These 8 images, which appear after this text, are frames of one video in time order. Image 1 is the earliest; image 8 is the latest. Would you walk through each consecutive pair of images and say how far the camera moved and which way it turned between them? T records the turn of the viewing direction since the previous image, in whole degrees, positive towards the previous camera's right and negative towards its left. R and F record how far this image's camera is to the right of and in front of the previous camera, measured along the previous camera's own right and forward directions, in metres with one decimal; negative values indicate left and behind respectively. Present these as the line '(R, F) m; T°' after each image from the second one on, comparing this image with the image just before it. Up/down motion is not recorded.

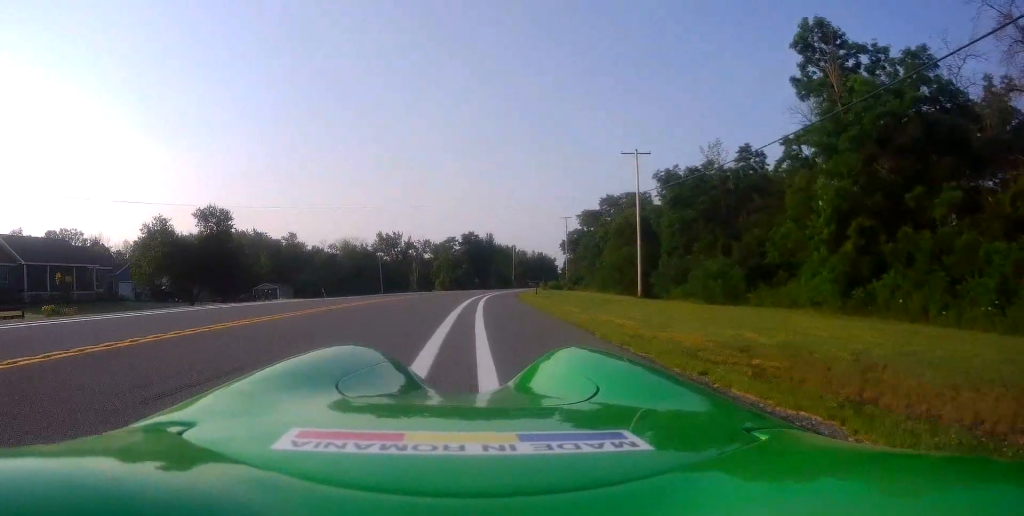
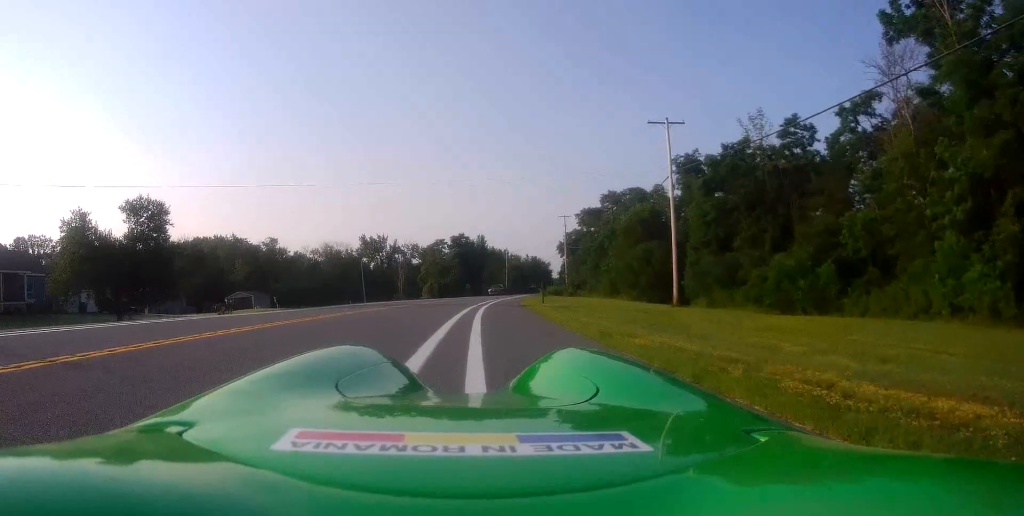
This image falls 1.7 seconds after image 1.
(0.0, +10.2) m; +3°
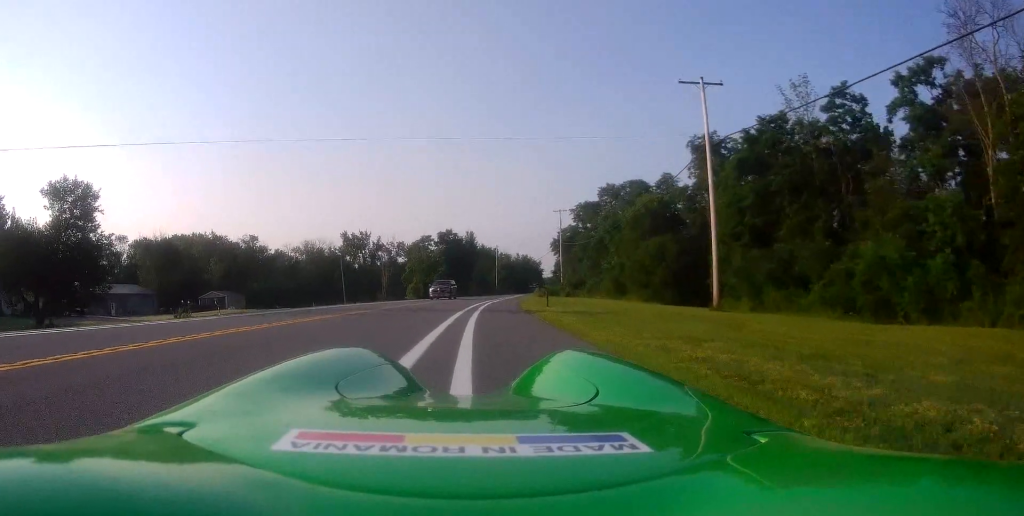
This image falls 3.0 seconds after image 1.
(+0.1, +7.7) m; -5°
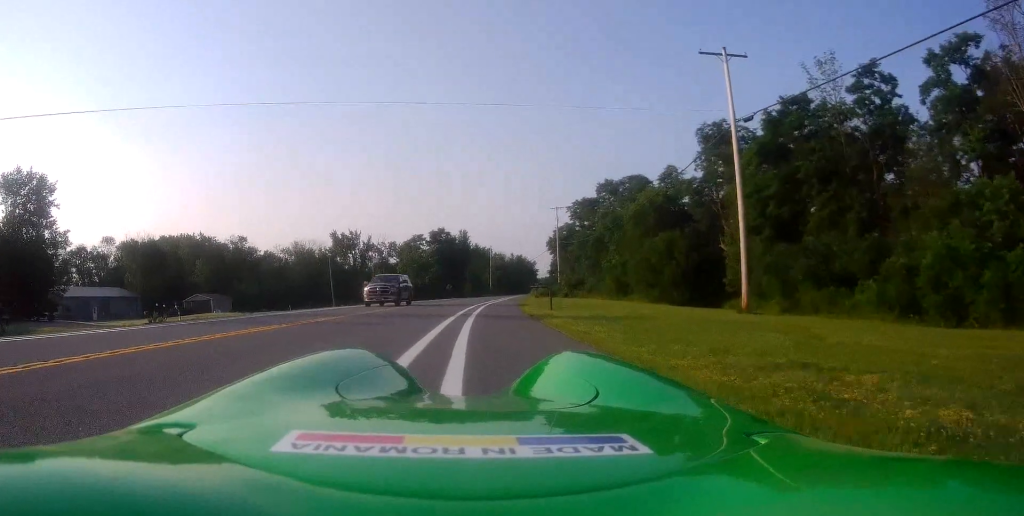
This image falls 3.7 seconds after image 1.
(-0.6, +3.8) m; 0°
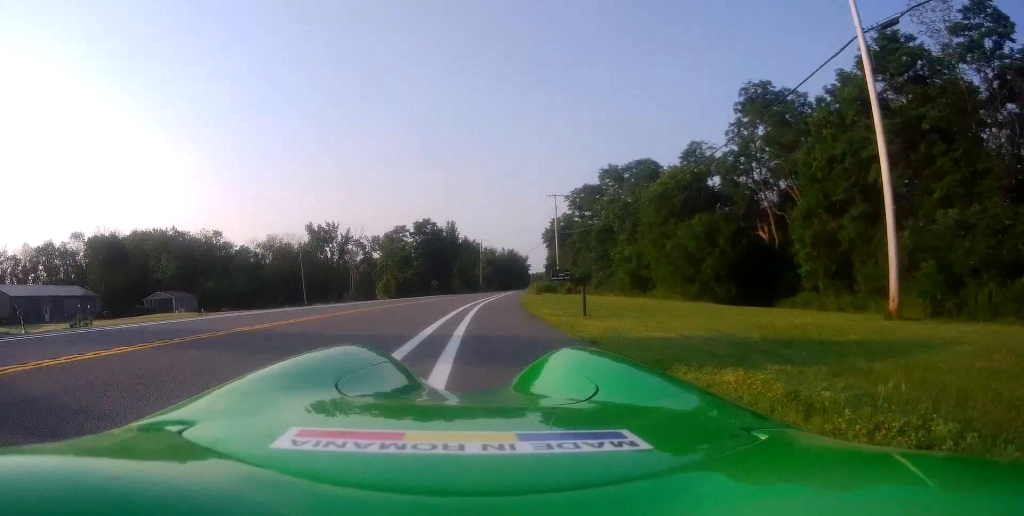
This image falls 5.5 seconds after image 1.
(+0.9, +10.7) m; +3°
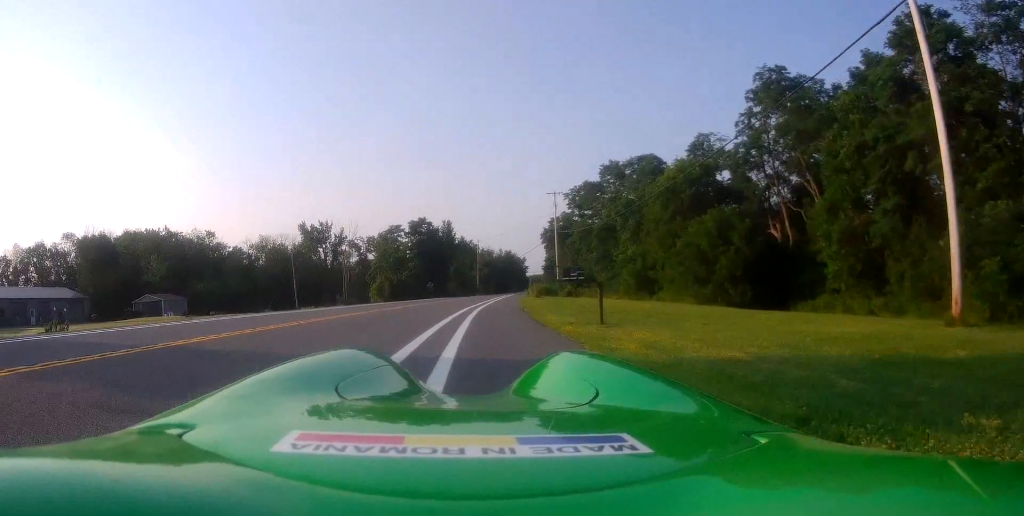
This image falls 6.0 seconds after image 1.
(-0.1, +2.7) m; -1°
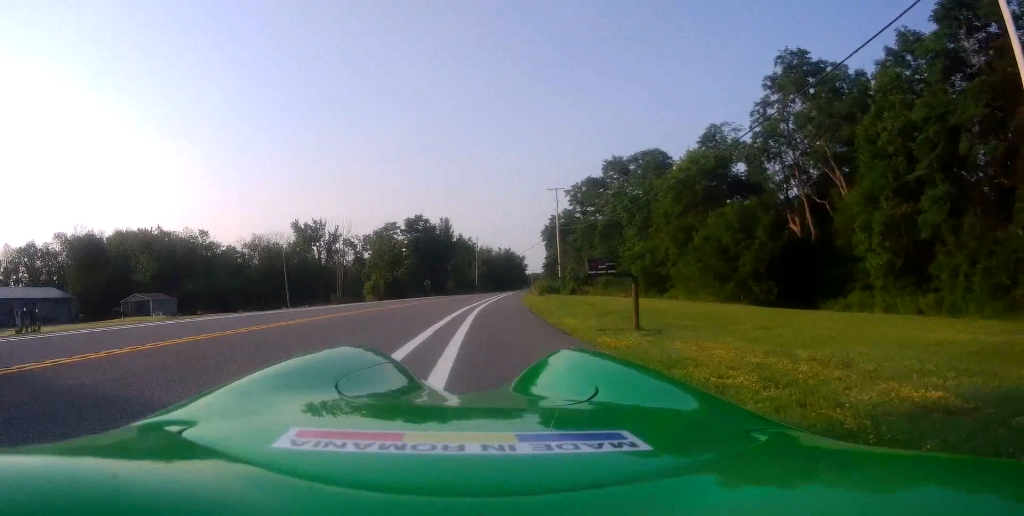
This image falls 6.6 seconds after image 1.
(0.0, +3.4) m; +2°
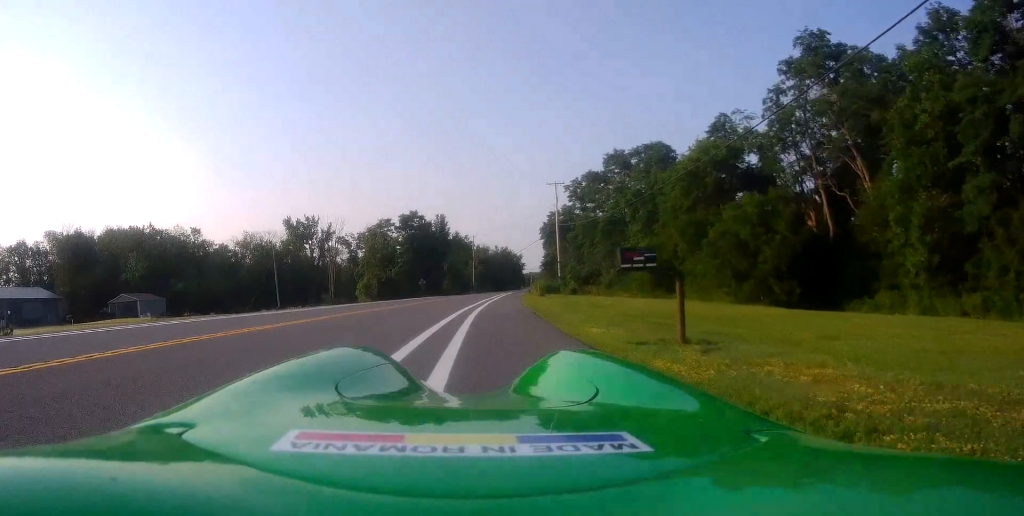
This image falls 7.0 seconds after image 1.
(0.0, +2.7) m; +1°
※
_Try it_. Reproduce the data word for word without its images.

_Response_.
These 8 images, which appear after this text, are frames of one video in time order. Image 1 is the earliest; image 8 is the latest. Would you walk through each consecutive pair of images and say how far the camera moved and which way it turned between them? T records the turn of the viewing direction since the previous image, in whole degrees, positive towards the previous camera's right and negative towards its left. R and F record how far this image's camera is to the right of and in front of the previous camera, measured along the previous camera's own right and forward directions, in metres with one decimal; negative values indicate left and behind respectively. Present these as the line '(R, F) m; T°' after each image from the second one on, comparing this image with the image just before it. Up/down motion is not recorded.

This image falls 1.7 seconds after image 1.
(0.0, +10.2) m; +3°
This image falls 3.0 seconds after image 1.
(+0.1, +7.7) m; -5°
This image falls 3.7 seconds after image 1.
(-0.6, +3.8) m; 0°
This image falls 5.5 seconds after image 1.
(+0.9, +10.7) m; +3°
This image falls 6.0 seconds after image 1.
(-0.1, +2.7) m; -1°
This image falls 6.6 seconds after image 1.
(0.0, +3.4) m; +2°
This image falls 7.0 seconds after image 1.
(0.0, +2.7) m; +1°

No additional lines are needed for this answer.